Following a 2019 court decision, political gerrymandering – where districts are manipulated to favor a particular party – cannot be legally challenged under federal law. Prior to the Callais ruling, lawmakers had to be careful not to excessively weaken the voting power of minority residents while seeking partisan control of a district.

However, after Callais, legislators must now disregard the race of voters entirely to avoid potential legal challenges like the one faced by Louisiana. Moving forward, gerrymandering is permitted, as long as it is race-neutral. Despite this, research suggests that race may still play a significant role in the design of congressional districts, especially in the South where it can be a stronger predictor of voting behavior than party affiliation.

Political gerrymandering involves drawing electoral districts to benefit one party over another, with district-drawing typically controlled by state legislatures. Our study, conducted by political scientists with expertise in Congress, elections, and constitutional law, indicates that taking both race and party into account can enhance partisan advantage when redrawing districts.

The research challenges a claim made by Justice Alito in a recent Supreme Court case, suggesting that only party affiliation, not race, is relevant in district-drawing for partisan advantage. By analyzing election results in South Carolina from 2010 to 2020, our study reveals that voters’ race is a more consistent predictor of their voting behavior than their party affiliation. This suggests that legislators may have a data-driven incentive to consider race when creating partisan districts, particularly in Southern states.

In a hypothetical redistricting scenario in South Carolina, the study highlights the importance of understanding how racial and partisan demographics can influence voting outcomes.
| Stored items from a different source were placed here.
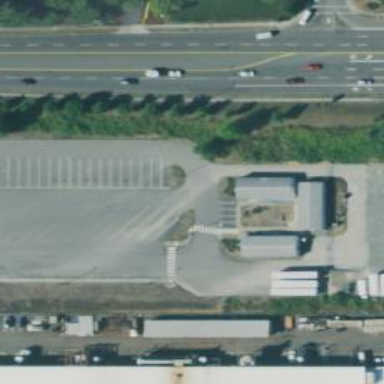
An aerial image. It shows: Parking space.
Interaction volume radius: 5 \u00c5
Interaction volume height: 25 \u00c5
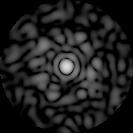
Disorder parameter: 0.8308
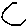
Label: moon
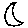
Label: moon
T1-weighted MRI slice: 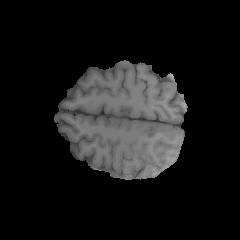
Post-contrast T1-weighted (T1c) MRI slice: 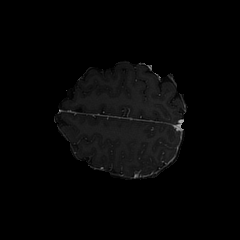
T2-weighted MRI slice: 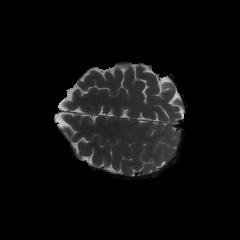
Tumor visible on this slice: yes
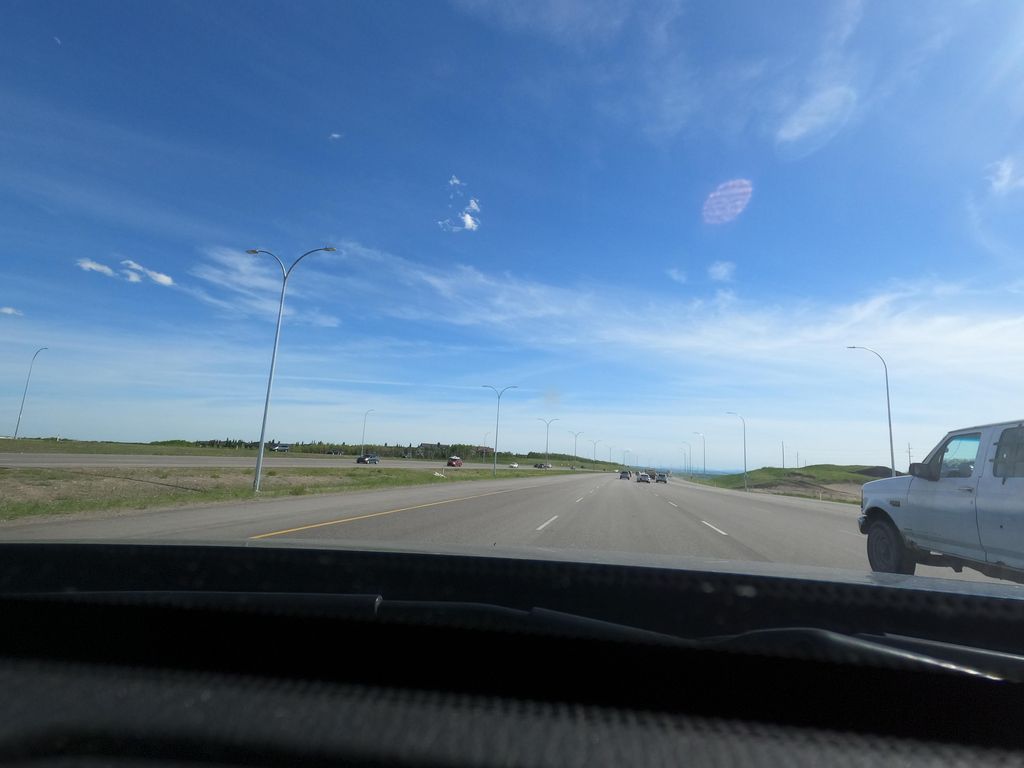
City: calgary
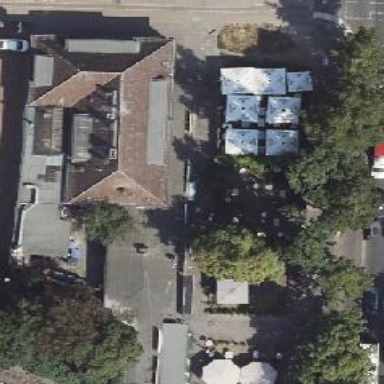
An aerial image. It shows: Café.
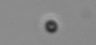
Label: nanoplankton_mix
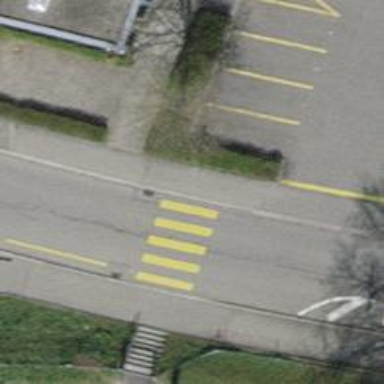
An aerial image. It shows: Marked crossing on the road.
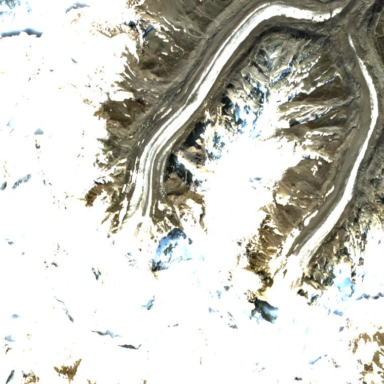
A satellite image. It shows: Majestic glacier in the distance.
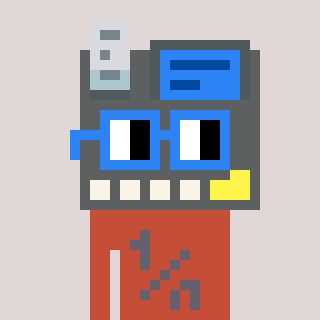
a pixel art character with square blue glasses, a cash register-shaped head and a rust-colored body on a warm background
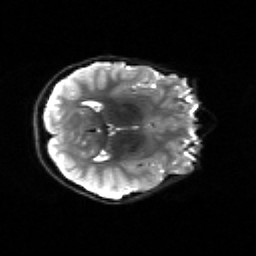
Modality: sbref
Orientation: axial
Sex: male
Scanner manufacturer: siemens
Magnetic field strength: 3 T
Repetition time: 5 s
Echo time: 0.071 s
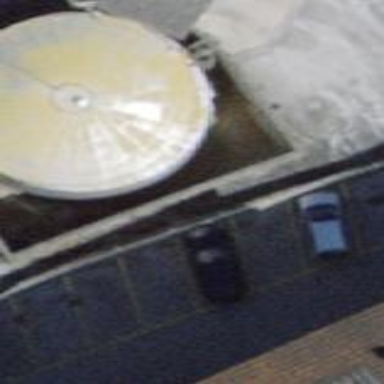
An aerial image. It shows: Industrial building with storage tank.
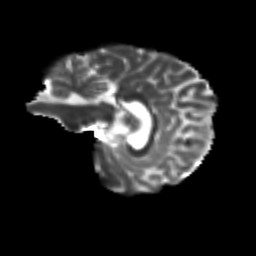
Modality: T2w
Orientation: sagittal
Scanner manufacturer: siemens
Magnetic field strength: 3 T
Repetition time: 9.2 s
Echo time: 0.084 s
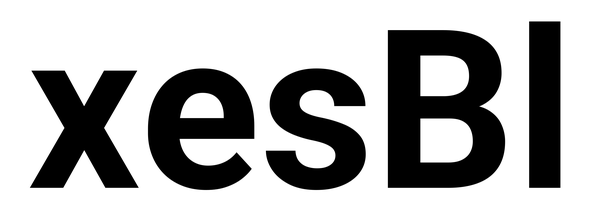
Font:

It warns that relying solely on past partisan returns to redraw districts may not accurately predict future voting behavior, especially in areas where race plays a significant role in shaping political preferences.

While using race in redistricting for partisan advantage may raise concerns of discrimination, our findings suggest that race could still influence political gerrymandering processes despite claims of being race-neutral. Voting rights advocates are urged to remain vigilant against potential manipulation of district lines based on racial demographics.